土曜日の今日は、一週間の労働による疲労のあとが濃い。カフェインの含まれないお茶を選んで正解だったと独り言ちながら、ベリアンは主人の疲労を回復させるための方法をあれこれ思案し始めた。
「ベリアン」
「……っ、はい」
考え事をしていたせいで、主人の呼びかけに反応するのが一拍遅れた。反省と同時に応答すると、主人は下ろしたままの黒髪を揺らして首を傾げた。
「大丈夫? もしかして疲れてる? 体調が悪いなら無理はしちゃだめだよ」
心配そうな顔の主人がかけてくれる言葉に、ベリアンの胸はろうそくの明かりを灯したように熱を帯びた。本当に優しい人だ。ベリアンにとって、彼女が仕えるべき主人でいてくれることは、他にはなにもいらないと思えるほどの僥倖だった。

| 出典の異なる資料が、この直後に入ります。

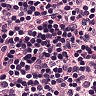
Metastatic tissue present: no
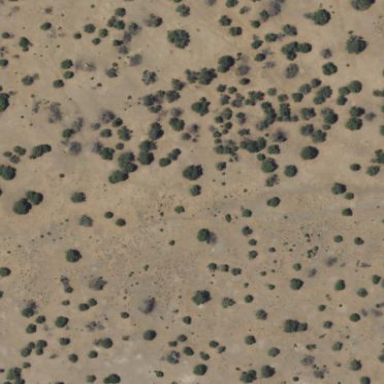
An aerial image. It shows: Area covered in scrub vegetation.
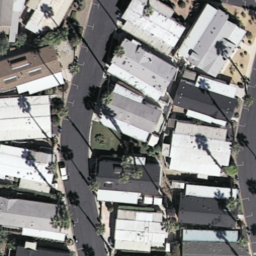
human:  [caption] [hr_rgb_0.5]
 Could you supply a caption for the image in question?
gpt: Lots of mobile homes with plants surrounded in the mobile home park .

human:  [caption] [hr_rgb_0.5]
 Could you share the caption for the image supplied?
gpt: Many mobile homes are closed to each other in the mobile home park .

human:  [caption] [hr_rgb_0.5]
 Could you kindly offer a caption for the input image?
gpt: Many mobile homes arranged in lines in the mobile home park .

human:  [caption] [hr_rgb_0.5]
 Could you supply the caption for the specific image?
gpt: Many mobile homes arranged in lines in the mobile home park and some roads go through this area .

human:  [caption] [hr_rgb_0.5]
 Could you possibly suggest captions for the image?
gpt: Lots of mobile homes are closed to each other and some roads go through this area .
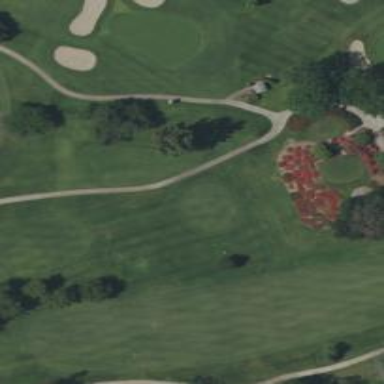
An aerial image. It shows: Pathway for golfing.
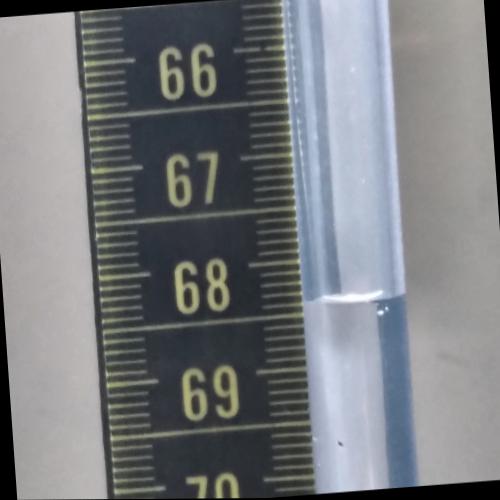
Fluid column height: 68.4 cm
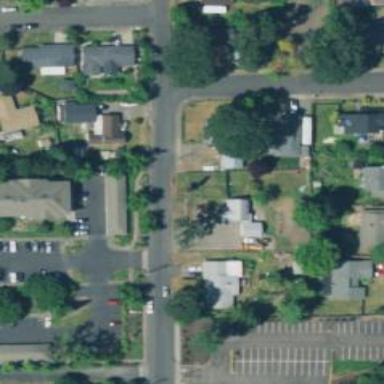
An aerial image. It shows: Residential road with sidewalk on the left.
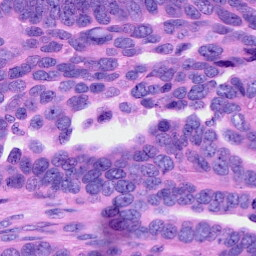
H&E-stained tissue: Ovarian
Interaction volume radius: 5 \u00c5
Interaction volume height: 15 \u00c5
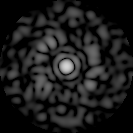
Disorder parameter: 0.8596
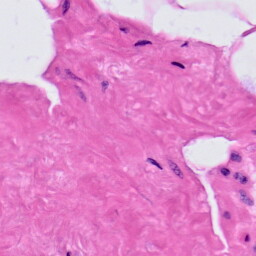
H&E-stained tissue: Prostate
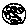
Label: moon
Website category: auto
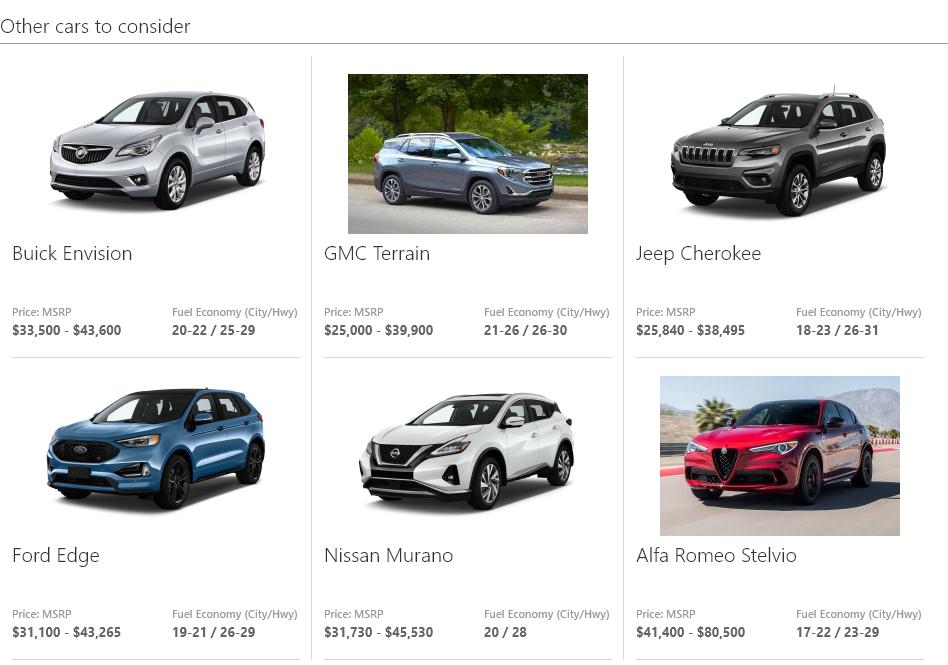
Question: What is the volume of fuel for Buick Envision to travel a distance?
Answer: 20-22 / 25-29

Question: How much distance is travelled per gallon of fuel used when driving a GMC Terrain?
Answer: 21-26 / 26-30

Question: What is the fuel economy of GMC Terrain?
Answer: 21-26 / 26-30

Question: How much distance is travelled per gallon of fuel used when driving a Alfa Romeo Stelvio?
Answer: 17-22 / 23-29

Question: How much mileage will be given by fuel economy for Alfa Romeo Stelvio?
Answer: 17-22 / 23-29

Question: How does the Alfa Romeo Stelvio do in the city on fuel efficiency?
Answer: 17-22

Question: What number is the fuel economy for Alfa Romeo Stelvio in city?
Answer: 17-22

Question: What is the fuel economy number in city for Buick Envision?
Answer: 20-22

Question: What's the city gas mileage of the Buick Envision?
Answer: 20-22

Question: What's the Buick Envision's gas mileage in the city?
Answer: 20-22

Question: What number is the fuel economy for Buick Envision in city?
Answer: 20-22

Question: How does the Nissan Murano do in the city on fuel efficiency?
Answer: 20

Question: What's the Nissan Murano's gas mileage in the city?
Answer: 20

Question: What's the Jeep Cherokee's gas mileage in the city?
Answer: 18-23

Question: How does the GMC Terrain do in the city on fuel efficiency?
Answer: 21-26

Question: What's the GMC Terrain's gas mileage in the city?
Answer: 21-26

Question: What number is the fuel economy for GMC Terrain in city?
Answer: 21-26

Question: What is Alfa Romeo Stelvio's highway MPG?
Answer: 23-29

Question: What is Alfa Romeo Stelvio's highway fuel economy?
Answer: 23-29

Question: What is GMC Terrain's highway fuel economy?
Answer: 26-30

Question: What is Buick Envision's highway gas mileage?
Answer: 25-29

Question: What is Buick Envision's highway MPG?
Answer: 25-29

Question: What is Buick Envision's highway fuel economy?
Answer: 25-29

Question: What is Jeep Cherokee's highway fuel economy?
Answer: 26-31

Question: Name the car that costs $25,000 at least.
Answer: GMC Terrain

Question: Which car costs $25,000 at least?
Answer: GMC Terrain

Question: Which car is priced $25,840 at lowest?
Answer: Jeep Cherokee

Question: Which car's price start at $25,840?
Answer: Jeep Cherokee

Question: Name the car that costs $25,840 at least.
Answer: Jeep Cherokee

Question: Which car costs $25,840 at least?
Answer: Jeep Cherokee

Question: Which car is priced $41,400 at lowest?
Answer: Alfa Romeo Stelvio

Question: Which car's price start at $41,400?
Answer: Alfa Romeo Stelvio

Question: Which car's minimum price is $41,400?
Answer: Alfa Romeo Stelvio

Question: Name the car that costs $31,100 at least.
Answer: Ford Edge

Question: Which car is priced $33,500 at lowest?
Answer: Buick Envision

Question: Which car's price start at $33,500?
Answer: Buick Envision

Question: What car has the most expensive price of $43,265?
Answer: Ford Edge

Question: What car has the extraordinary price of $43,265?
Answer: Ford Edge

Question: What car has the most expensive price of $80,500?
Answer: Alfa Romeo Stelvio

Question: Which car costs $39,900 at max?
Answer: GMC Terrain

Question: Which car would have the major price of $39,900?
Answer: GMC Terrain

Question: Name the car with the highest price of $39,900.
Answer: GMC Terrain

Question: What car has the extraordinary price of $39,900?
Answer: GMC Terrain

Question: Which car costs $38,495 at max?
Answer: Jeep Cherokee

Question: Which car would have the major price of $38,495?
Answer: Jeep Cherokee

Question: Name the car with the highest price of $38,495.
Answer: Jeep Cherokee

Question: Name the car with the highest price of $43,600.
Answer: Buick Envision

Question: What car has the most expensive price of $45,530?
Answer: Nissan Murano

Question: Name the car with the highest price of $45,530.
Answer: Nissan Murano

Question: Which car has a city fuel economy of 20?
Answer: Nissan Murano

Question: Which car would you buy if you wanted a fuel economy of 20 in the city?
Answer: Nissan Murano

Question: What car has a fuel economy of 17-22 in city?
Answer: Alfa Romeo Stelvio

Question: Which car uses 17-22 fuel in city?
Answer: Alfa Romeo Stelvio

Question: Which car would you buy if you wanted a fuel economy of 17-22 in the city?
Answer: Alfa Romeo Stelvio

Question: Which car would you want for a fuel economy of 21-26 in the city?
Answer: GMC Terrain

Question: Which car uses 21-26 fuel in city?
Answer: GMC Terrain

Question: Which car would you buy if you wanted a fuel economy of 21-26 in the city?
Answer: GMC Terrain

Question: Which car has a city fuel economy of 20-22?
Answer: Buick Envision

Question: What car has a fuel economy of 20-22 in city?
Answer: Buick Envision

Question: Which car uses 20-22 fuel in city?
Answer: Buick Envision

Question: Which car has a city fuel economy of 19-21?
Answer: Ford Edge

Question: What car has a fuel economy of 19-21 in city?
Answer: Ford Edge

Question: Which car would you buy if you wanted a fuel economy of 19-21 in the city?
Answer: Ford Edge

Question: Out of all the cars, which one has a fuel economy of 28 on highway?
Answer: Nissan Murano

「いえ、問題ありませんよ。申し訳ありません、少し考え事をしておりました」
「そう? だったら、いいんだけど……ベリアンは頑張りすぎちゃうから、心配だな。昨夜はちゃんと寝た?」
「ええ。主様が心配してくださるので、これでも以前よりは体調管理に気を配るようになったのですよ」
「……そっか」
相槌までの短い沈黙は、ベリアンの答えに納得がいっていないことを告げるようだ。主人はティーカップを静かにソーサーへと戻した。
「ねえ、ベリアン。手を貸してくれる?」
「え? ええ、どうぞ」
主人が伸ばした手に、ベリアンは手袋をはめたままの手を預ける。彼女はベリアンの手を両手で包むように握った。カップを持っていたほうの手から、じわりと熱が伝わってくる。主人はベリアンの手を引くと、そこに額を寄せた。

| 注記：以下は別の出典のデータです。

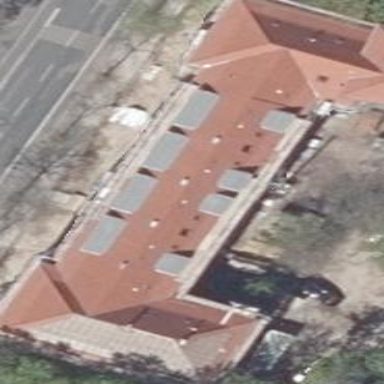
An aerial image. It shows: Historic beige building with apartments. It has hipped roof with red roof tiles.
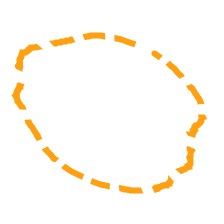
Shape: circle
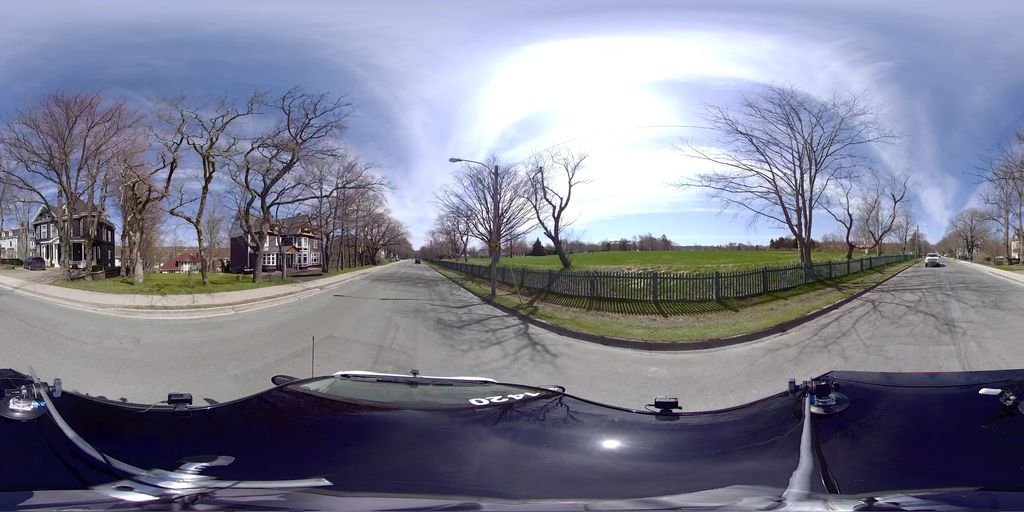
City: st_johns
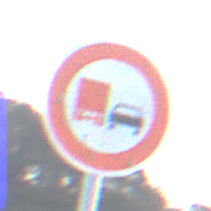
Verkehrszeichen: UeberholverbotKraftfahrzeuge
Umgebung: Outdoor, Nature
Tageszeit: SunriseSunset
Wetter: Clear
Licht: Natural
Jahreszeit: Winter
Kontrast: LowContrast
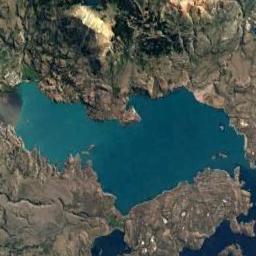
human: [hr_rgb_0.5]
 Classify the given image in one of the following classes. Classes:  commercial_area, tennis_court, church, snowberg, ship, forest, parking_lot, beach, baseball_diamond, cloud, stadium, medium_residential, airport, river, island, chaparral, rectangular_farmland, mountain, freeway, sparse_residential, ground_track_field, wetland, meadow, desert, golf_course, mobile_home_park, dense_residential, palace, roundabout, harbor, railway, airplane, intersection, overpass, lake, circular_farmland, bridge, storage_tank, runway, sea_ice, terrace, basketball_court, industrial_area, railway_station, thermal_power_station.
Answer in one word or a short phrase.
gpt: lake

「いつか……いつかベリアンが、自分のために自分を大切にできる日がやってきますように」
「主様…………」
ベリアンはそれきり言葉を詰まらせた。握られていた手はパッと離され、顔を上げた主人は照れたようにはにかんでみせる。
「おまじない。ちょっと子どもっぽかったかな?」
「いいえ……いいえ。ありがとうございます、主様。とても嬉しかったです」
「それならよかった。あなたが私を大切に思ってくれているように、私もあなたを大切に思っているんだってこと、忘れないでくれたら嬉しい」
「はい……お言葉、胸に刻みました」
胸に手を当て、ベリアンは恭しく頭を垂れた。伏せた顔が熱い。主人の前であるので、鏡で確かめることはできないが、耳まで朱に染まっているに違いなかった。
主人はベリアンを喜ばせるのがあまりにも上手すぎて、だから彼はときどき困ってしまう。その困惑さえ甘やかな幸福をもたらすのだから、もはや手の施しようがない。

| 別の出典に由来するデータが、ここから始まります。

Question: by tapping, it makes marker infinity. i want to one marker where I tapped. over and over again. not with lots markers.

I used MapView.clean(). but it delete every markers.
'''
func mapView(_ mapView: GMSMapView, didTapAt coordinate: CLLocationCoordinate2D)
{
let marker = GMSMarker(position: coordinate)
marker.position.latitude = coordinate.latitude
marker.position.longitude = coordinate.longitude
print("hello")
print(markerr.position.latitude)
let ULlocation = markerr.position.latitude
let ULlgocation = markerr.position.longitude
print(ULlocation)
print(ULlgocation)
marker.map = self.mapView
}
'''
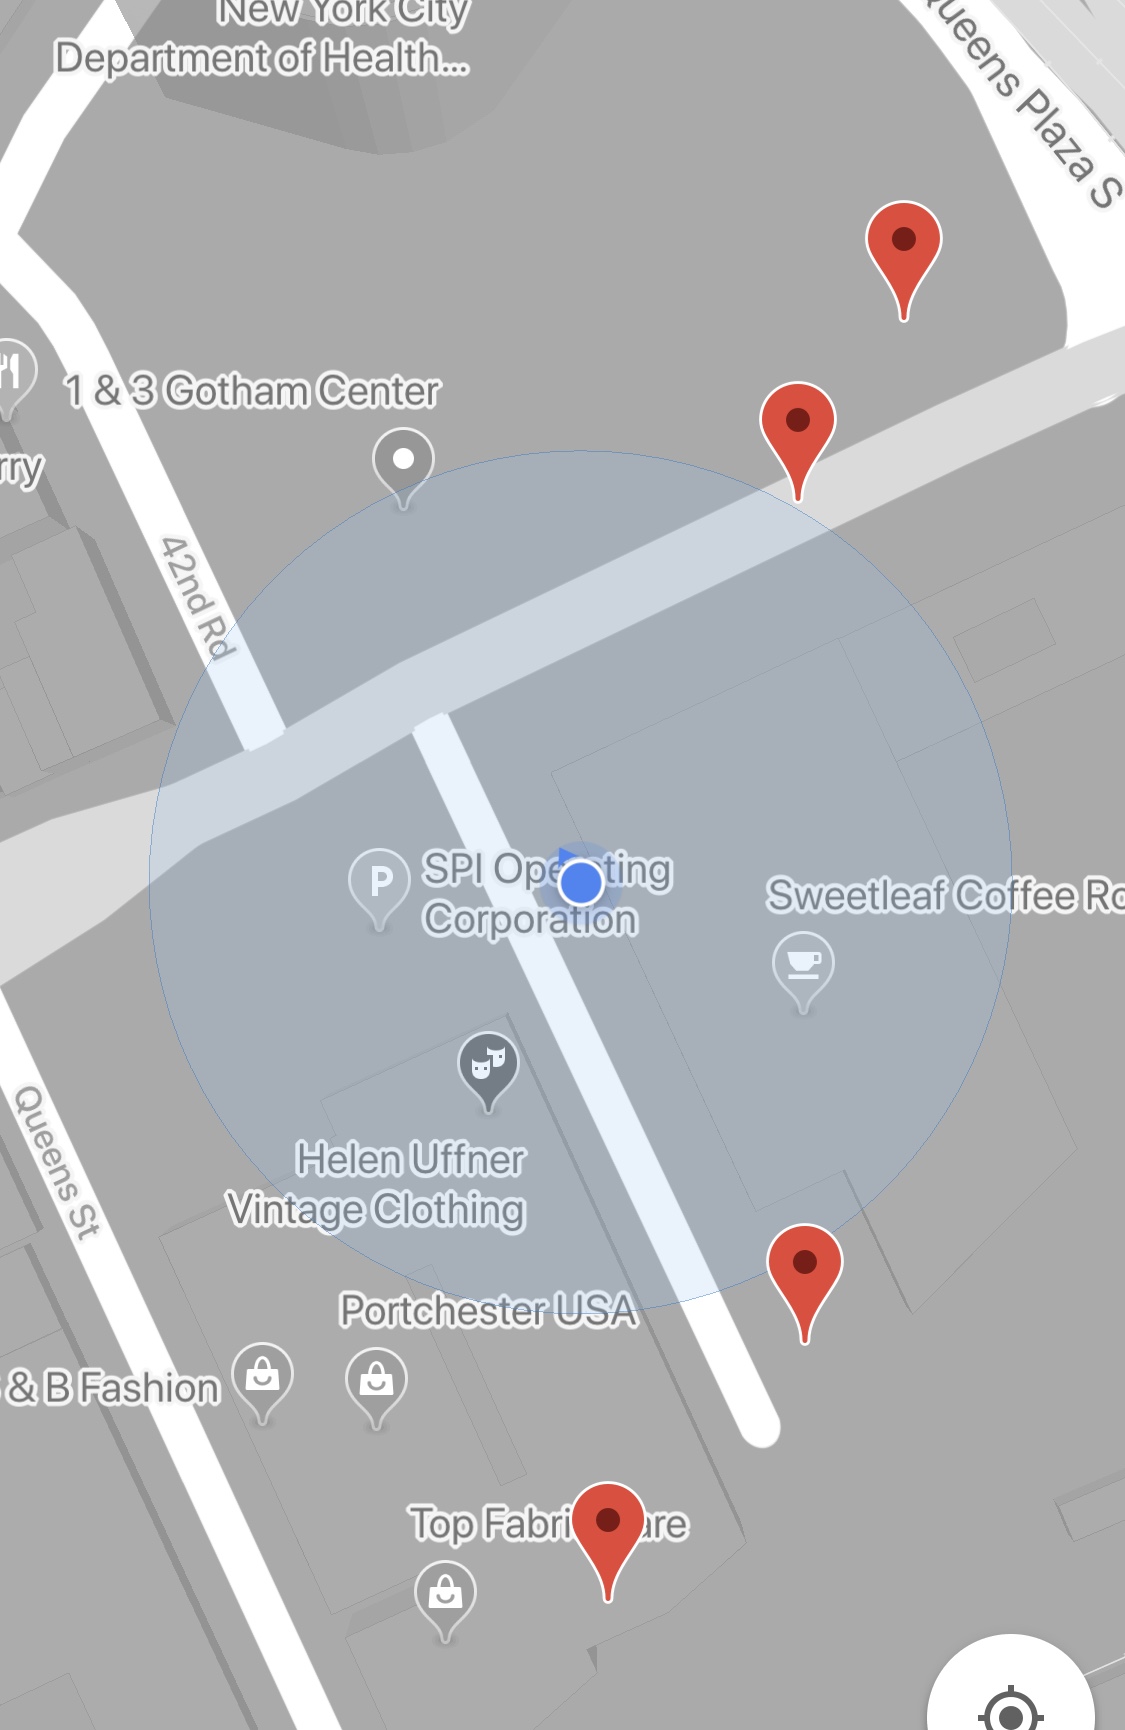
Answer: Create the marker outside the 'didTapAt coordinate' method and change it's coordinates in this method
'''
class ViewController: UIViewController, GMSMapViewDelegate {
let marker = GMSMarker()
override func viewDidLoad() {
super.viewDidLoad()
marker.map = self.mapView
}
func mapView(_ mapView: GMSMapView, didTapAt coordinate: CLLocationCoordinate2D)
{
marker.position = coordinate
}
}
'''
<URL>

ベリアンは、主人に握られたほうの手を緩く握りしめた。おまじないの効果だろうか。触れあったときに伝わった温もりが、まだそこに残っているような気がする。
執事として、幸福を与えられるばかりではいられない。ベリアンは決意も新たに、気を引きしめ直した。主人の休日はまだ始まったばかりだ。溜まった疲れを癒してもらうために、できることはきっとたくさんある。
世界でいっとう大切な主人のために、できることを。彼女が喜んでくれたなら、それがそのままベリアンの喜びだ。
彼女と出会ってからというもの、ベリアンの幸福は、彼の仕える主人のかたちをしている。